» Aim of the exercise: Below is a listing. Gather each line of it that contains "vertical".

---------- Listed entries ----------

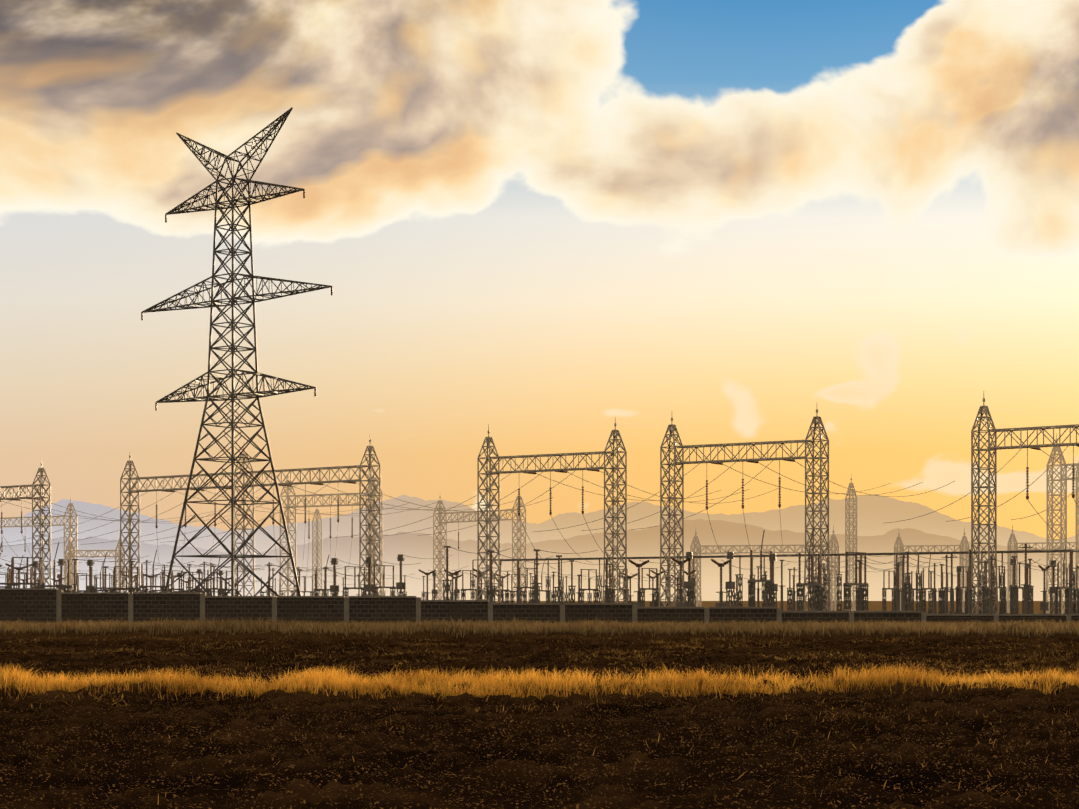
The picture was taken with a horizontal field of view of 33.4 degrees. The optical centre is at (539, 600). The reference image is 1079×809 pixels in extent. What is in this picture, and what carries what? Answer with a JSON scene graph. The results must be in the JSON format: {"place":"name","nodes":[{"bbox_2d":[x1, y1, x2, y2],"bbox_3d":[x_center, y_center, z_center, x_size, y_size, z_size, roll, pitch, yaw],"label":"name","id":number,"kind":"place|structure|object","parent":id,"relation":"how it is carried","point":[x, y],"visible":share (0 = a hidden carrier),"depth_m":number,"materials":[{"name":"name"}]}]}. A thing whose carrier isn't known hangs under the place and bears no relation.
{"place":"outdoors","nodes":[
{"label":"outdoors","id":0,"kind":"place"},
{"bbox_2d":[0,601,1078,808],"bbox_3d":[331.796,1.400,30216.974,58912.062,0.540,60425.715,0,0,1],"label":"ground","id":1,"kind":"structure","parent":0,"point":[106,752],"depth_m":20.34,"materials":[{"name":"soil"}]},
{"bbox_2d":[0,496,77,585],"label":"gantry","id":2,"kind":"object","parent":1,"relation":"on","point":[70,521],"visible":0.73,"depth_m":347.80,"materials":[{"name":"metal"}]},
{"bbox_2d":[65,538,124,591],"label":"bus gantry","id":3,"kind":"object","parent":1,"relation":"on","point":[70,554],"visible":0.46,"depth_m":259.27,"materials":[{"name":"grey metal"}]},
{"bbox_2d":[0,457,248,587],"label":"gantry","id":4,"kind":"object","parent":1,"relation":"on","point":[32,497],"visible":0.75,"depth_m":254.48,"materials":[{"name":"metal"}]},
{"bbox_2d":[141,107,332,595],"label":"transmission tower","id":5,"kind":"structure","parent":1,"relation":"on","point":[232,555],"depth_m":159.71,"materials":[{"name":"metal"}]},
{"bbox_2d":[0,440,552,595],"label":"gantry","id":6,"kind":"object","parent":1,"relation":"on","point":[253,485],"visible":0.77,"depth_m":228.67,"materials":[{"name":"metal"}]},
{"bbox_2d":[312,509,321,595],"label":"lightning mast","id":7,"kind":"object","parent":1,"relation":"on","point":[317,539],"visible":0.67,"depth_m":369.62,"materials":[{"name":"grey metal"}]},
{"bbox_2d":[279,472,383,595],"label":"gantry","id":8,"kind":"object","parent":1,"relation":"on","point":[288,496],"visible":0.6,"depth_m":278.48,"materials":[{"name":"metal"}]},
{"bbox_2d":[433,493,526,602],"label":"gantry","id":9,"kind":"object","parent":1,"relation":"on","point":[440,551],"visible":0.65,"depth_m":332.15,"materials":[{"name":"metal"}]},
{"bbox_2d":[0,530,1078,614],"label":"substation equipment","id":10,"kind":"object","parent":1,"relation":"on","point":[770,587],"visible":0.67,"depth_m":188.87,"materials":[{"name":"metal"}]},
{"bbox_2d":[0,588,1078,624],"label":"boundary wall","id":11,"kind":"structure","parent":1,"relation":"on","point":[49,605],"depth_m":100.85,"materials":[{"name":"concrete"}]},
{"bbox_2d":[0,615,1078,638],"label":"grass strip","id":12,"kind":"object","parent":1,"relation":"on","point":[691,628],"depth_m":69.98,"materials":[{"name":"brown plant"}]},
{"bbox_2d":[0,661,1078,702],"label":"grass strip","id":13,"kind":"object","parent":1,"relation":"on","point":[341,682],"depth_m":28.12,"materials":[{"name":"yellow plant"}]},
{"bbox_2d":[334,419,777,602],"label":"gantry","id":14,"kind":"object","parent":1,"relation":"on","point":[489,473],"visible":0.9,"depth_m":201.74,"materials":[{"name":"metal"}]},
{"bbox_2d":[535,410,953,610],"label":"gantry","id":15,"kind":"object","parent":1,"relation":"on","point":[671,427],"visible":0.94,"depth_m":187.44,"materials":[{"name":"metal"}]},
{"bbox_2d":[690,525,839,610],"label":"bus gantry","id":16,"kind":"object","parent":1,"relation":"on","point":[697,546],"visible":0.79,"depth_m":226.96,"materials":[{"name":"grey metal"}]},
{"bbox_2d":[845,478,857,610],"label":"lightning mast","id":17,"kind":"object","parent":1,"relation":"on","point":[854,511],"visible":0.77,"depth_m":286.63,"materials":[{"name":"grey metal"}]},
{"bbox_2d":[893,527,968,612],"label":"bus gantry","id":18,"kind":"object","parent":1,"relation":"on","point":[960,548],"visible":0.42,"depth_m":247.40,"materials":[{"name":"grey metal"}]},
{"bbox_2d":[887,394,1078,614],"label":"gantry","id":19,"kind":"object","parent":1,"relation":"on","point":[990,447],"visible":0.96,"depth_m":172.94,"materials":[{"name":"metal"}]},
{"bbox_2d":[1007,525,1074,612],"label":"bus gantry","id":20,"kind":"object","parent":1,"relation":"on","point":[1014,547],"visible":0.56,"depth_m":239.15,"materials":[{"name":"grey metal"}]},
{"bbox_2d":[1046,433,1078,613],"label":"gantry","id":21,"kind":"object","parent":1,"relation":"on","point":[1052,487],"visible":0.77,"depth_m":217.03,"materials":[{"name":"metal"}]},
{"bbox_2d":[1075,462,1078,606],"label":"lightning mast","id":22,"kind":"object","parent":1,"relation":"on","point":[1076,521],"visible":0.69,"depth_m":230.14,"materials":[{"name":"grey metal"}]},
{"bbox_2d":[0,519,1078,600],"bbox_3d":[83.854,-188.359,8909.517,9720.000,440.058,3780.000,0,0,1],"label":"hills","id":23,"kind":"structure","parent":0,"point":[644,543],"depth_m":8221.44,"materials":[{"name":"grey"}]},
{"bbox_2d":[0,495,1078,554],"bbox_3d":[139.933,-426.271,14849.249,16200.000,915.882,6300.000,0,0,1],"label":"mountain range","id":24,"kind":"structure","parent":0,"point":[875,514],"depth_m":14456.91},
{"bbox_2d":[0,0,1078,538],"label":"sky","id":25,"kind":"structure","parent":0,"point":[546,224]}
]}

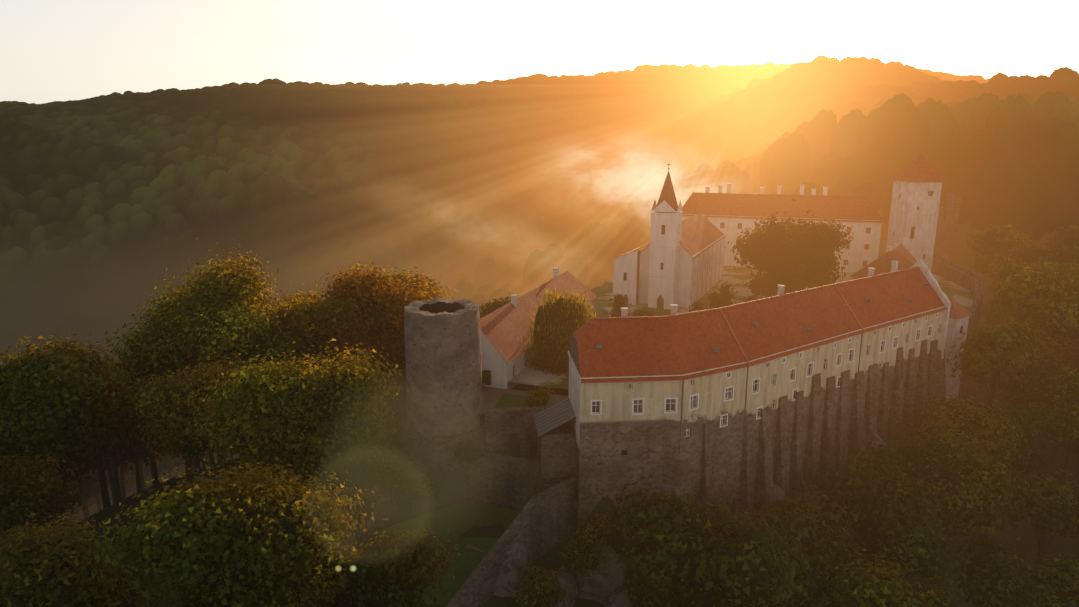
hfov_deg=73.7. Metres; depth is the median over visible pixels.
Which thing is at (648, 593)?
tree
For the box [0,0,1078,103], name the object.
sky
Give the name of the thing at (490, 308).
tree
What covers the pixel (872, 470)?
tree
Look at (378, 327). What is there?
tree
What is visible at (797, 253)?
tree
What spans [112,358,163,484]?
tree
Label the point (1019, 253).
tree
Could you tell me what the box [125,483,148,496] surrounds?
tree
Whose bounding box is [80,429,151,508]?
tree
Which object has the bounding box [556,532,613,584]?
tree
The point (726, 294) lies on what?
tree
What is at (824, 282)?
bush
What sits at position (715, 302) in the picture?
bush
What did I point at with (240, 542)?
tree
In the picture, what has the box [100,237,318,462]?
tree
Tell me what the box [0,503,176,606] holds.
tree
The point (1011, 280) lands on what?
tree
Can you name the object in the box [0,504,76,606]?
tree
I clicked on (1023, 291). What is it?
tree
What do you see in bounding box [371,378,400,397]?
tree
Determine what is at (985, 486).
tree
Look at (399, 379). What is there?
tree
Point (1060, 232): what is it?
tree
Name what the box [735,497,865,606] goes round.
tree
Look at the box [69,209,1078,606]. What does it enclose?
ground
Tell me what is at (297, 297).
tree
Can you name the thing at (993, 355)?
tree
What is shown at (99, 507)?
tree
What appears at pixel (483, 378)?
tree
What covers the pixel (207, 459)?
tree
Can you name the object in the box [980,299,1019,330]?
tree
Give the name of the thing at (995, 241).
tree
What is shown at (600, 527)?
tree
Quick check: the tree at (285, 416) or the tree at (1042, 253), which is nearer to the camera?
the tree at (285, 416)
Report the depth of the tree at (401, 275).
127.71 m
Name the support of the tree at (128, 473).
on the ground at (1023, 545)
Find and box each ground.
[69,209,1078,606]
[509,266,972,388]
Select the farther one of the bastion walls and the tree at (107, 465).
the tree at (107, 465)
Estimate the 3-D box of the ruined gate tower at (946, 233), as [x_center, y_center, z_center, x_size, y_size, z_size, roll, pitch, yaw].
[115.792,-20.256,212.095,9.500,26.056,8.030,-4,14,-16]
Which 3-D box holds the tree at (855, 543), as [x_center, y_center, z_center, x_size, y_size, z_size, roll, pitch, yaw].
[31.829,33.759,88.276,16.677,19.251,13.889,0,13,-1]
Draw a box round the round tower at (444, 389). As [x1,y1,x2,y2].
[404,298,482,435]
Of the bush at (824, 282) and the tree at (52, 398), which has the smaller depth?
the tree at (52, 398)
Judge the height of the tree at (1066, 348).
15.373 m
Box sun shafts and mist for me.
[156,65,783,302]
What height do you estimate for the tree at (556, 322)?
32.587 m
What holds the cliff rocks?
on the ground at (1023, 545)
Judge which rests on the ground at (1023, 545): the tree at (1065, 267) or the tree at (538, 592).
the tree at (1065, 267)
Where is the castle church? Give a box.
[612,164,725,309]
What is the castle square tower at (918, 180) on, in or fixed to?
on the courtyard ground at (736, 277)
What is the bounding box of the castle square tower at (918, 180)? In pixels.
[886,152,945,270]
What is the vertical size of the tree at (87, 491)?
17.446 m
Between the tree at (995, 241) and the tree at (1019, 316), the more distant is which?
the tree at (995, 241)
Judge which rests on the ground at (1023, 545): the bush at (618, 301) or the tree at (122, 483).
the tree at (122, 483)
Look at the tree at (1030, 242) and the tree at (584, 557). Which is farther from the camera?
the tree at (1030, 242)
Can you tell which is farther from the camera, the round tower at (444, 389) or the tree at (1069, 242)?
the tree at (1069, 242)
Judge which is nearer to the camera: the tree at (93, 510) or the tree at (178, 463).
the tree at (178, 463)
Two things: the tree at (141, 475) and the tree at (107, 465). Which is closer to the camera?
the tree at (107, 465)
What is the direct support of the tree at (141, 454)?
on the ground at (1023, 545)
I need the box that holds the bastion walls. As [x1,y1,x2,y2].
[302,386,576,606]
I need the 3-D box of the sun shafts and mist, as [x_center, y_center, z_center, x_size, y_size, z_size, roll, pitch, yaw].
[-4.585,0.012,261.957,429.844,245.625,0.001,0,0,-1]
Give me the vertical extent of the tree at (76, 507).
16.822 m
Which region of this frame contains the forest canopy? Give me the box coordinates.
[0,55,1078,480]
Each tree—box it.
[0,332,154,534]
[0,441,89,536]
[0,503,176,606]
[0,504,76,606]
[49,449,104,486]
[52,497,89,520]
[64,465,106,525]
[67,506,91,525]
[72,469,106,517]
[73,446,374,606]
[73,467,126,515]
[75,492,112,518]
[78,497,112,517]
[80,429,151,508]
[87,446,157,499]
[88,452,127,503]
[93,470,143,502]
[96,460,127,511]
[99,348,260,485]
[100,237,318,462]
[108,439,160,492]
[108,461,148,490]
[109,433,153,502]
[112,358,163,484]
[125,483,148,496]
[131,445,169,489]
[143,457,166,488]
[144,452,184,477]
[147,474,158,486]
[159,464,184,482]
[167,449,215,469]
[177,338,406,492]
[185,453,190,472]
[201,451,206,466]
[205,451,230,463]
[209,447,214,464]
[261,286,335,376]
[264,283,366,375]
[293,518,474,606]
[309,258,455,437]
[323,351,370,384]
[332,484,385,521]
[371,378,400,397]
[380,262,454,399]
[383,368,403,389]
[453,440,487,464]
[479,296,510,318]
[482,371,491,382]
[503,563,571,606]
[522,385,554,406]
[523,286,595,376]
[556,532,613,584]
[572,509,619,551]
[601,469,733,606]
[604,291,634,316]
[611,515,650,553]
[622,565,690,606]
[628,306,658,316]
[664,491,809,606]
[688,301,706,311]
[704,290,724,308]
[716,281,741,306]
[724,199,853,286]
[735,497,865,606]
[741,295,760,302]
[742,272,772,297]
[745,551,807,606]
[752,499,869,606]
[756,493,873,606]
[757,276,804,298]
[761,487,869,601]
[794,468,930,561]
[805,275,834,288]
[810,547,949,606]
[812,447,947,521]
[837,436,969,519]
[848,491,980,595]
[895,391,1028,474]
[897,423,986,481]
[907,421,1037,584]
[944,430,1011,468]
[947,317,1049,411]
[949,531,1048,606]
[958,392,1034,445]
[966,219,1029,303]
[976,390,1070,524]
[979,253,1044,298]
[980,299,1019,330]
[988,265,1071,296]
[988,266,1078,316]
[995,470,1078,572]
[996,338,1078,409]
[998,309,1049,330]
[1000,313,1078,368]
[1003,243,1061,265]
[1005,245,1075,268]
[1006,230,1040,248]
[1009,550,1078,606]
[1011,259,1078,291]
[1021,291,1078,367]
[1022,364,1078,483]
[1031,392,1078,499]
[1041,225,1078,266]
[1051,226,1070,262]
[1051,261,1078,273]
[1064,271,1078,297]
[1066,479,1078,516]
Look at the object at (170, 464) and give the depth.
172.97 m
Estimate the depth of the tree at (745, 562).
70.69 m
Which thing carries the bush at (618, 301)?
on the courtyard ground at (736, 277)
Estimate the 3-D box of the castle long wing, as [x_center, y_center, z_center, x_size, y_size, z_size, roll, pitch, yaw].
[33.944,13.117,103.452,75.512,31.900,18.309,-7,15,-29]
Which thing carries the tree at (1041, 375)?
on the ground at (1023, 545)
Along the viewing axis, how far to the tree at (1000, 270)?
158.33 m
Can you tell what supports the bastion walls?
on the ground at (1023, 545)
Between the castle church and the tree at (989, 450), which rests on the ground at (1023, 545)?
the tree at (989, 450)
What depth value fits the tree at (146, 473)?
183.86 m
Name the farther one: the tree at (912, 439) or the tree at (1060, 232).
the tree at (1060, 232)
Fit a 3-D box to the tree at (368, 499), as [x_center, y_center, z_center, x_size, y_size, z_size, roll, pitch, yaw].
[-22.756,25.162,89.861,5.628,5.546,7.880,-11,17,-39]
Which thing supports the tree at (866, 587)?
on the ground at (1023, 545)
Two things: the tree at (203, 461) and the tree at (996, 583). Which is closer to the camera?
the tree at (996, 583)
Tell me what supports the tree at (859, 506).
on the ground at (1023, 545)
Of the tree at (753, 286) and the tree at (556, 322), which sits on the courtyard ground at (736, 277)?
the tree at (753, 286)
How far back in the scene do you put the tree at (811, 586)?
79.74 m
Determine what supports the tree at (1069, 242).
on the ground at (1023, 545)
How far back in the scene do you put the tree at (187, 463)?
130.52 m
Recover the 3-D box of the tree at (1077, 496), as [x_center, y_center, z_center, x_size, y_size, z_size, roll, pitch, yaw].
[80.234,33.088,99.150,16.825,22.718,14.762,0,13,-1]
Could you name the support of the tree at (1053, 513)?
on the ground at (1023, 545)
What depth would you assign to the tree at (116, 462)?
119.23 m
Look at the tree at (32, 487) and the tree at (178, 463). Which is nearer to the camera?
the tree at (32, 487)
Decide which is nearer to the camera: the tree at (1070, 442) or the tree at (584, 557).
the tree at (584, 557)
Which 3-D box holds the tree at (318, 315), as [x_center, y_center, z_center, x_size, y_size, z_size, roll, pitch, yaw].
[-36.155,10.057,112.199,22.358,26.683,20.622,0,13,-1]
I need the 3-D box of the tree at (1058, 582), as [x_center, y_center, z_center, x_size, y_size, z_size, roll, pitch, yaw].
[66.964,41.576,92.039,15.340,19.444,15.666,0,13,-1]
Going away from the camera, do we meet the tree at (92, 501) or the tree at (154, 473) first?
the tree at (154, 473)
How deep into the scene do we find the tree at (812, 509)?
86.96 m
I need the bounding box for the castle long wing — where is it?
[534,260,950,536]
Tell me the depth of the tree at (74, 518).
171.76 m
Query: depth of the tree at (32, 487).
76.28 m
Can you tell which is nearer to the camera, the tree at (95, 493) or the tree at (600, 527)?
the tree at (600, 527)
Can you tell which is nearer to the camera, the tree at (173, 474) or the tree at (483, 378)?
the tree at (483, 378)
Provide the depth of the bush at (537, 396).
98.08 m
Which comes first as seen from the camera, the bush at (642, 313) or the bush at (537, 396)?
the bush at (537, 396)
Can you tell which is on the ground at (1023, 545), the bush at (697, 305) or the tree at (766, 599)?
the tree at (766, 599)
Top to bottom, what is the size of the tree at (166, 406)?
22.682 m
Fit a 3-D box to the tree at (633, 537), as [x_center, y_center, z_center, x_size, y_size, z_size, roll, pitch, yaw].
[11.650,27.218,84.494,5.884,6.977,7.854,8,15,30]
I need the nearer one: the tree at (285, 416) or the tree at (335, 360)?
the tree at (285, 416)
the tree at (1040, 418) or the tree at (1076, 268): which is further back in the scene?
the tree at (1076, 268)
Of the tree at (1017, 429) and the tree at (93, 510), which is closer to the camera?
the tree at (1017, 429)
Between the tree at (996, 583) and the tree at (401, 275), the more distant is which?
the tree at (401, 275)
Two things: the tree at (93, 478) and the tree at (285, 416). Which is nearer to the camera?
the tree at (285, 416)
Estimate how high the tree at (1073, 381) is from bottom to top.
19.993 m
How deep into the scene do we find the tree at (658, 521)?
72.62 m
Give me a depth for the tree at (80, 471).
107.82 m
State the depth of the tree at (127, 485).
169.58 m
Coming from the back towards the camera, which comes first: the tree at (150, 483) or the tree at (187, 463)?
the tree at (150, 483)
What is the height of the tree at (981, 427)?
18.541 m
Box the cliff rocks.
[317,430,909,606]
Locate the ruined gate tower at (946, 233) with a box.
[933,193,960,261]
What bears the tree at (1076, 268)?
on the ground at (1023, 545)
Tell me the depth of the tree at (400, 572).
62.37 m
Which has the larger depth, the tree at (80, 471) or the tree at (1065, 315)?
the tree at (1065, 315)
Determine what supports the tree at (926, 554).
on the ground at (1023, 545)
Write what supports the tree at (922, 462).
on the ground at (1023, 545)
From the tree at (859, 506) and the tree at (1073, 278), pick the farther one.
the tree at (1073, 278)
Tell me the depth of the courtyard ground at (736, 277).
160.43 m
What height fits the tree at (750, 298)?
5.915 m
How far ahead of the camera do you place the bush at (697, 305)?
138.04 m
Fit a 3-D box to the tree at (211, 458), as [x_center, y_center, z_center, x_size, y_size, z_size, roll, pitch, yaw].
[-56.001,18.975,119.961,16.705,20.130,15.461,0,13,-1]
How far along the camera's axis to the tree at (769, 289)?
147.60 m
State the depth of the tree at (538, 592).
75.76 m
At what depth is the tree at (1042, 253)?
163.76 m
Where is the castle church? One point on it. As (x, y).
(677, 260)

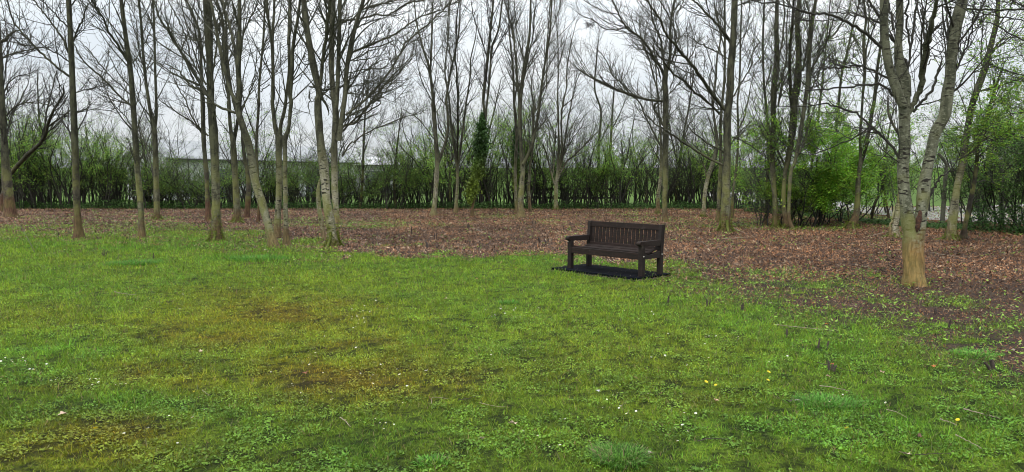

----------

» Answer to the exercise:
What is the vertical size of the tree at (87, 491)?
Give me the vertical extent of the tree at (76, 507).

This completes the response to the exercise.